Let’s now look at the Rotten Tomatoes audience rating.
# histogram of audience score on rotten tomatoes
ggplot(data = mps, aes(x = audience_score)) +
geom_histogram(binwidth = 4) +
xlab("RT audience score")
The audience_score
from Rotten Tomatoes shows more variability in poeple’s ratings. The distribution is still slightly left skewed as the dominant peak is towards the right end (high movie rating) of the graph.
Let’s plot the two above ratings variables next to the critics rating variable for comparison.
# using the inbuilt R plotting to make a panel of (2x2) plots
# multiply the imdb_rating variable by 10 so the scales are easier to compare
par(mfrow = c(2,2))
hist(mps$imdb_rating * 10, main = "IMDB rating", xlab = "Score")

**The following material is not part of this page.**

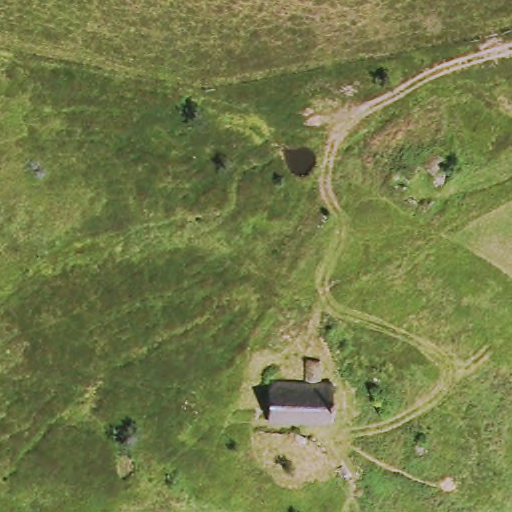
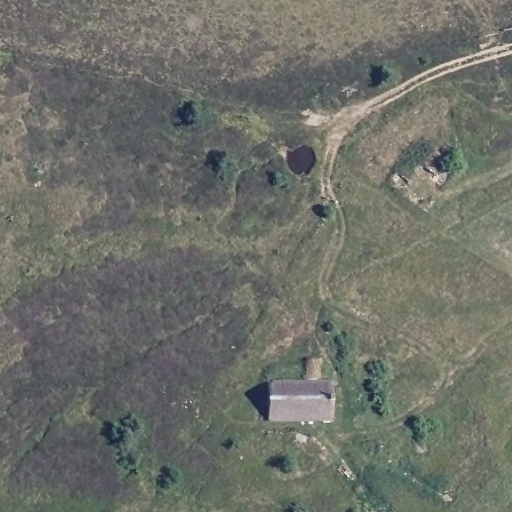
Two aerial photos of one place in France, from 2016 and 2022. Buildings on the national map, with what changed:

hist(mps$audience_score, main = "RT audience rating", xlab = "Score")
hist(movies$critics_score, main = "RT critics rating", xlab = "Score")
In the above panel we can see histograms of IMDB Rating (top left), Rotten Tomatoes audience rating (top right) and Rotten Tomatoes critics rating (bottom left). The IMDB ratings have been multiplied by 10 so we can compare the values more easily to the other variables. We can see the same distribution pattern in the two ratings variables as before, mostly high ratings of movies on IMDB, more uniformly distributed ratings for RT audience and even more uniformly distributed ratings for RT critics.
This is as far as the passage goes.